The league is one of two business associations licensed in California to administer health plans and provide health insurance to member employees. Forty thousand farm workers are covered under its cooperative, Stoker said.

Stoker said association health plans give employees more leverage to bargain with insurance companies, driving down medical costs in the process.

“It’s ironic that the very same people who claim they want everyone to have coverage don’t support a lot of things the private sector can do to provide health care services to more people,” Stoker said, warning that the Democrats would raise taxes on the middle-class once they took over health care.



Theresa V. Laursen, of Santa Ynez, said that private health care is already dying by its own device.

“The model is not working because it’s solely profit-driven,” she said. The industry is so opposed to a government-run plan because they would not be able to meet the standards of the competition. So much of the private market’s money goes to different departments and overhead.”

Rep. Lois Capps, a former nurse and a member who sits on the Energy and Commerce Committee that approved a health care reform bill July 31, said a public option would only drive out private insurers if their plans were inferior to the public option — contradicting claims that the marketplace provides the best quality health care.

“There’s two ways we can go about getting insurance companies to lower their costs,” Capps told the Journal. “We could start regulating the insurance companies, telling them what to do. Or we can engender competition into the market place.”

Capps acknowledged that the public plan may have its drawbacks — longer waits for surgeries, for example — but maintained it was the most sensible approach to improving health care.

“Insurance programs cost too much,” she said. “And with costs steadily rising, people who have plans that they like are concerned. People lose jobs and then get sick and find out they’re not covered for a procedure. We have millions of people banking on not getting into an accident or getting an illness and ending up in the emergency room.”

Two Valley residents say their professions have helped shape their views on health care reform.

As an assistant manager for a government-run welfare center in New York, Robert Colino, 78 and now retired, became cynical about whether the government can run a universal health care system.

“Everyone that didn’t have health insurance would see doctors two or three times a week as part of their social life,” he said. “And we would have to pay for every visit. People would flood in complaining about broken eyelashes and hangnails.
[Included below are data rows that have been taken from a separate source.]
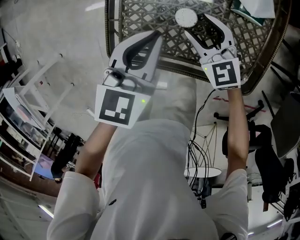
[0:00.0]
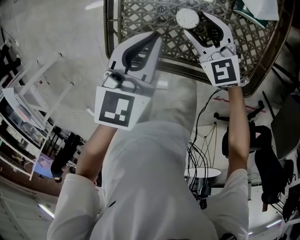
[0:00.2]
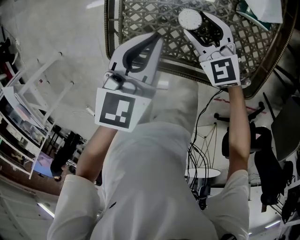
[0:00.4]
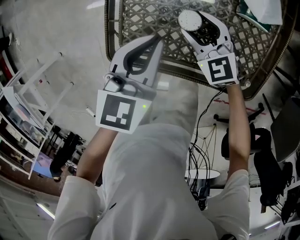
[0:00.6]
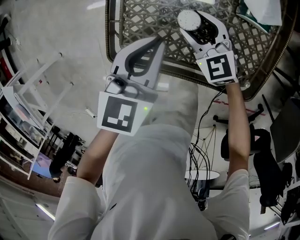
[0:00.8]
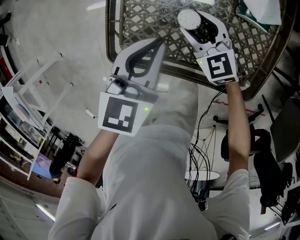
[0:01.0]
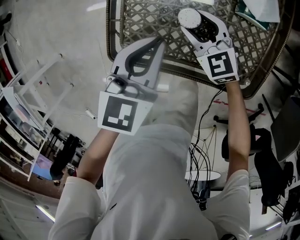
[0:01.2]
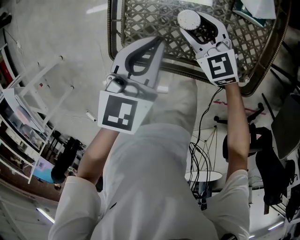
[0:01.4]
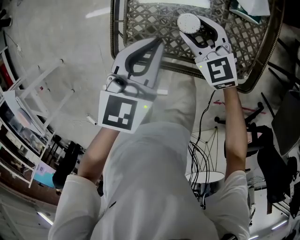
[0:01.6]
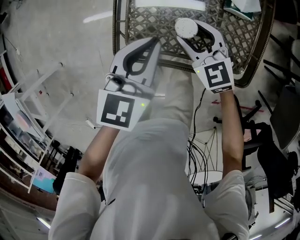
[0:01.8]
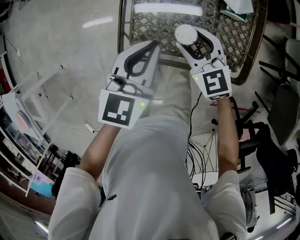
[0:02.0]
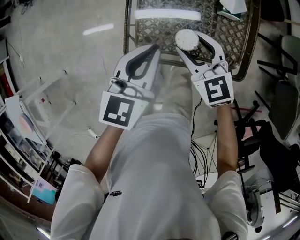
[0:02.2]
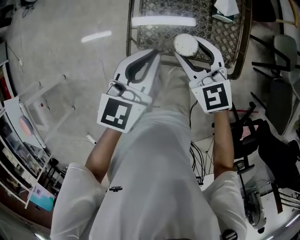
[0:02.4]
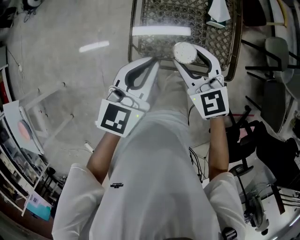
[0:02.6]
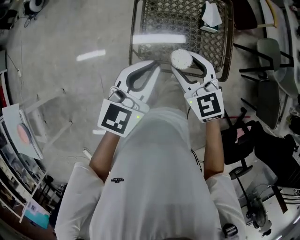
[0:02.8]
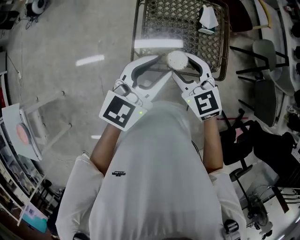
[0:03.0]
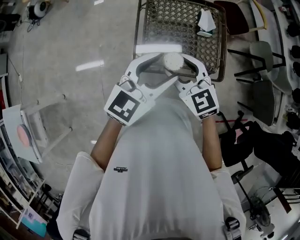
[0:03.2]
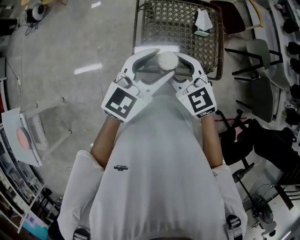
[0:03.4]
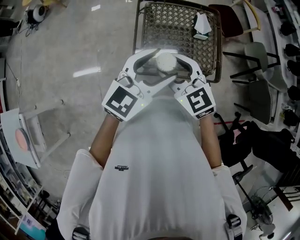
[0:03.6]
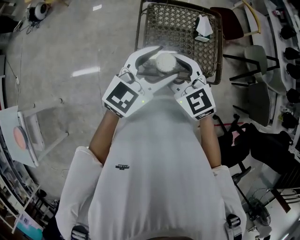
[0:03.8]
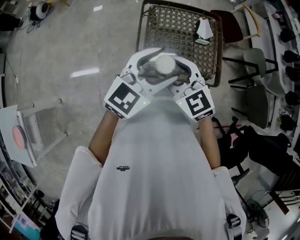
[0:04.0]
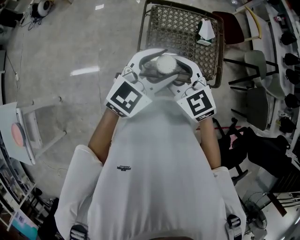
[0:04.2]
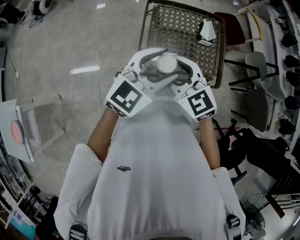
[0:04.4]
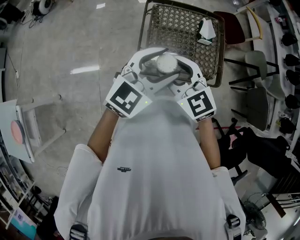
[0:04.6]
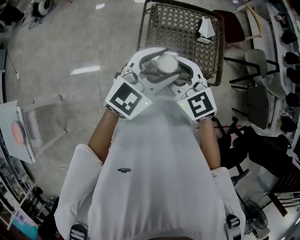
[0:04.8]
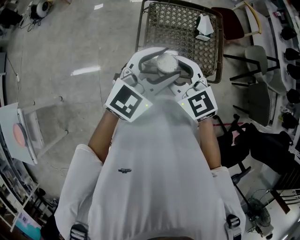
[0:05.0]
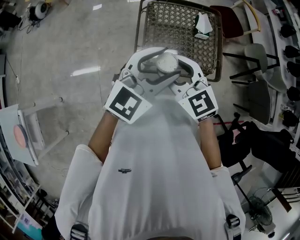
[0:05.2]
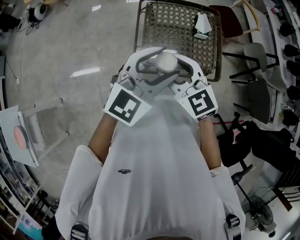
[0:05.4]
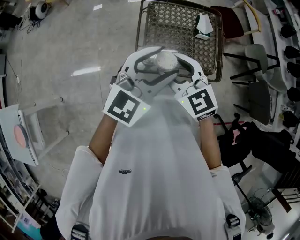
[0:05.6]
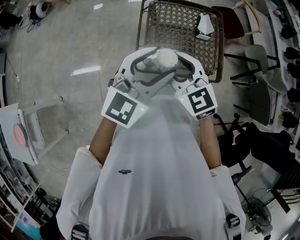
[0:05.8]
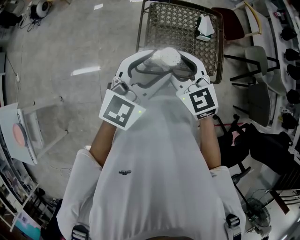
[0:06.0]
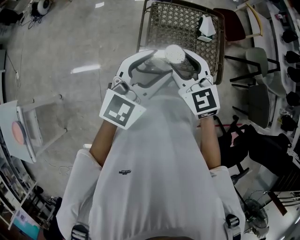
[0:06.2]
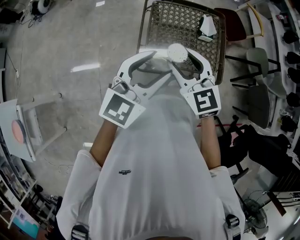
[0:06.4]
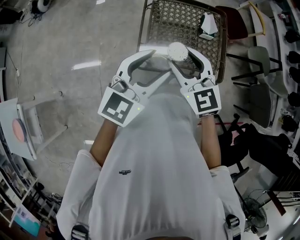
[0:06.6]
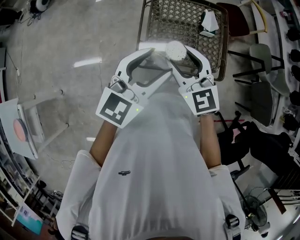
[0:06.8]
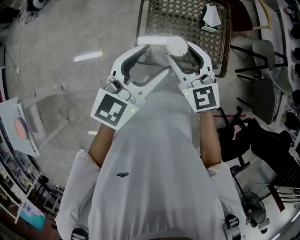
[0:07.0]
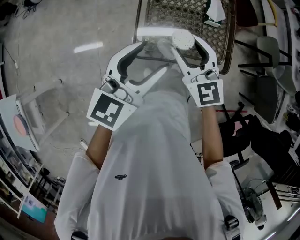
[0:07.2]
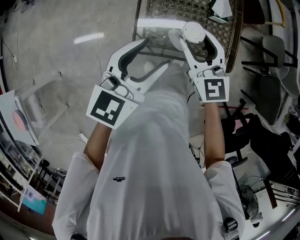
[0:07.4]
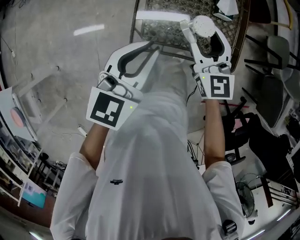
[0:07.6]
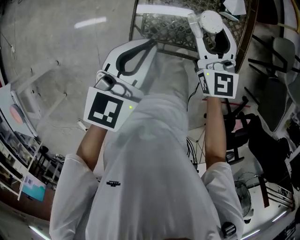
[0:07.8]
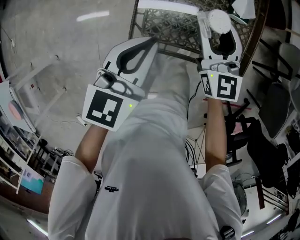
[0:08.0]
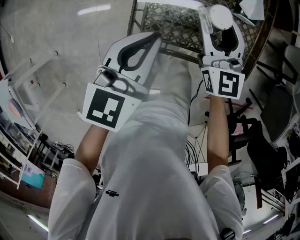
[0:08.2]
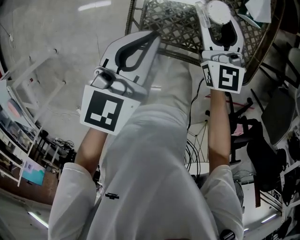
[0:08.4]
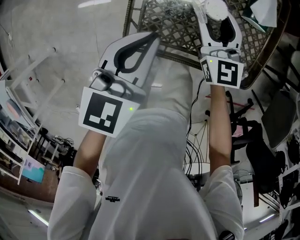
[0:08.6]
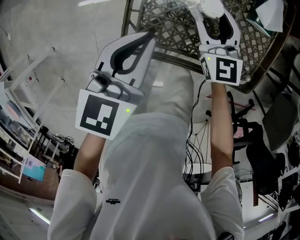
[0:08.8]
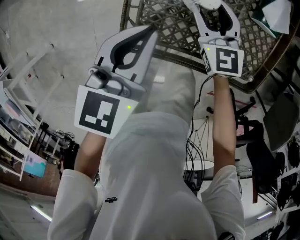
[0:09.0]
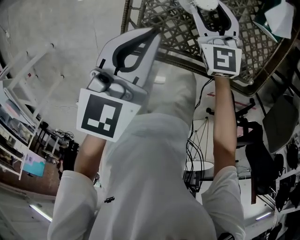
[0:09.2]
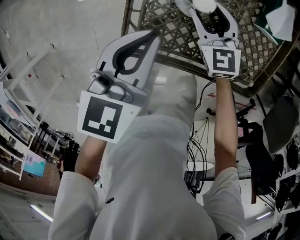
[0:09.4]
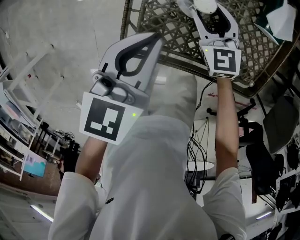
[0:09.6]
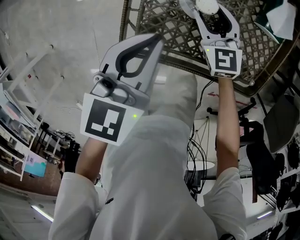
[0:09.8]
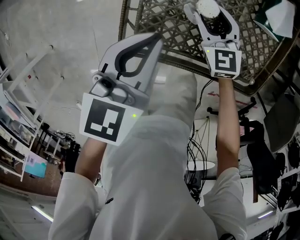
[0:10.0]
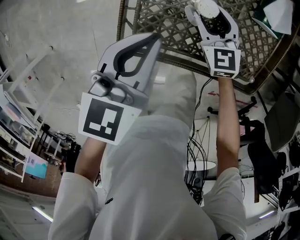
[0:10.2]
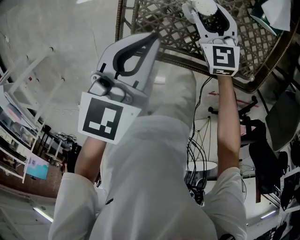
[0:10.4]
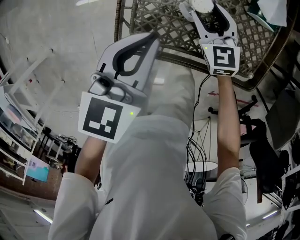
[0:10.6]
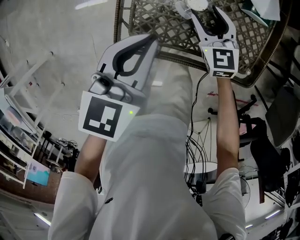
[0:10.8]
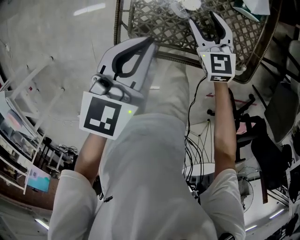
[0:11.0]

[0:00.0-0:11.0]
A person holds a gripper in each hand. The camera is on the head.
0:00.0 to 0:01.6: The grippers make only small movements.
0:01.6 to 0:03.2: The two grippers go some 35 cm upward and backward. The left gripper turns by about 30 degrees, and opens.
0:03.2 to 0:04.8: The right gripper travels to the left by approximately 5 cm.
0:04.8 to 0:06.2: There are only small adjustments of the grippers.
0:06.2 to 0:07.8: The left gripper goes about 15 cm downward and forward, changes its angle by roughly 20 degrees, and closes. Meanwhile the right gripper moves forward, downward and to the right, roughly 20 cm, and changes its angle by about 20 degrees.
0:07.8 to 0:09.4: The left gripper moves downward and forward, roughly 20 cm; the right gripper moves downward, roughly 25 cm, and rotates approximately 20 degrees.
0:09.4 to 0:11.0: The left gripper ends up about 5 cm from where it was; the right gripper moves to the right and backward, approximately 10 cm.

And all day long they’d dial for things that were not serious problems.”

Colino said he has never had insurance coverage and called those who want it from the government “socialites” because they have nothing better to do than seek medical care for non-existent health conditions.

Oscar Colunga, 60, has worked for 40 years as a respiratory care practitioner. He said a health care system that could cover everyone would be “impossible,” but he sees a broken system that needs repairing.
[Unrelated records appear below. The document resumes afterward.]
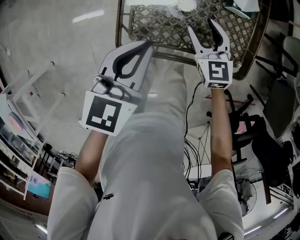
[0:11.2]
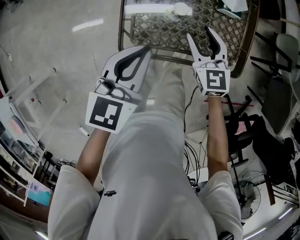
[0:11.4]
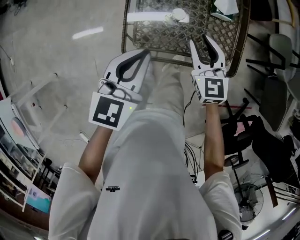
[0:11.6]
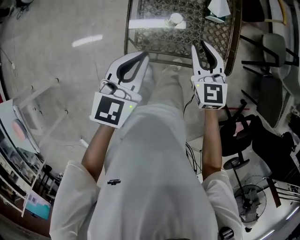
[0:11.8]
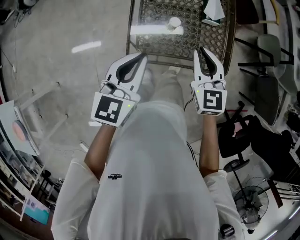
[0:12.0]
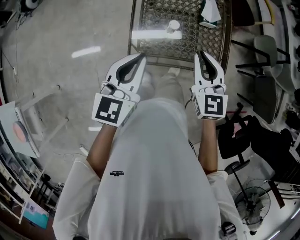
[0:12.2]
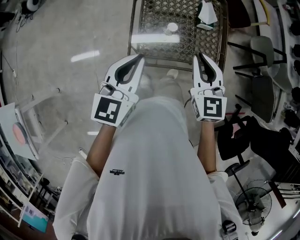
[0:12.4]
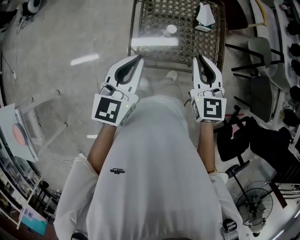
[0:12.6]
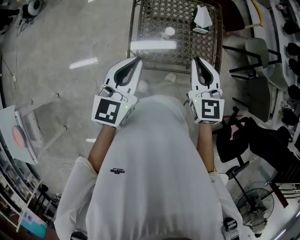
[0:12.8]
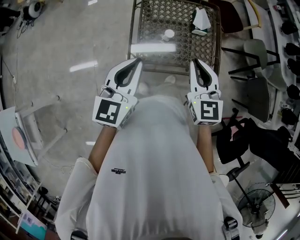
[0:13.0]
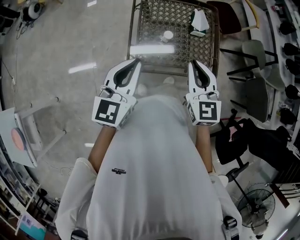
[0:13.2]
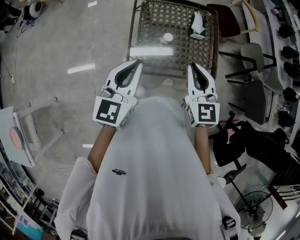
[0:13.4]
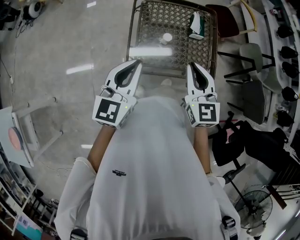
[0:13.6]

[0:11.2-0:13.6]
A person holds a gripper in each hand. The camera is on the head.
0:11.2 to 0:12.4: The left gripper shifts approximately 20 cm upward and backward; the right gripper is displaced upward and backward by some 30 cm, and closes its fingers.
0:12.4 to 0:13.6: The right gripper shifts by some 5 cm.

“When I see people tell me they have to decide whether to buy groceries or their medicine, that’s saddens me,” he said. It’s sad how we in America bow down to the dollar.”

“Health care costs a lot of money. Pharmaceutical, medical equipment companies, insurance companies — they all want a piece of pie. So the mentality is, ‘Yes, we can be sympathetic. That’s too bad, and I wish it were different.’ But at the end it’s, ‘Did the check get in the mail and into the bank account?’”

Colunga said costs can be driven down if the government treats health care reform like it did with the auto industry.

“They called those guys in and told them to get their act straight,” he said. “Restructuring is the way to do business. We certainly don’t want to carelessly throw money at the problem. AIG got a lot of money, but it went to vacation and bonus pay.”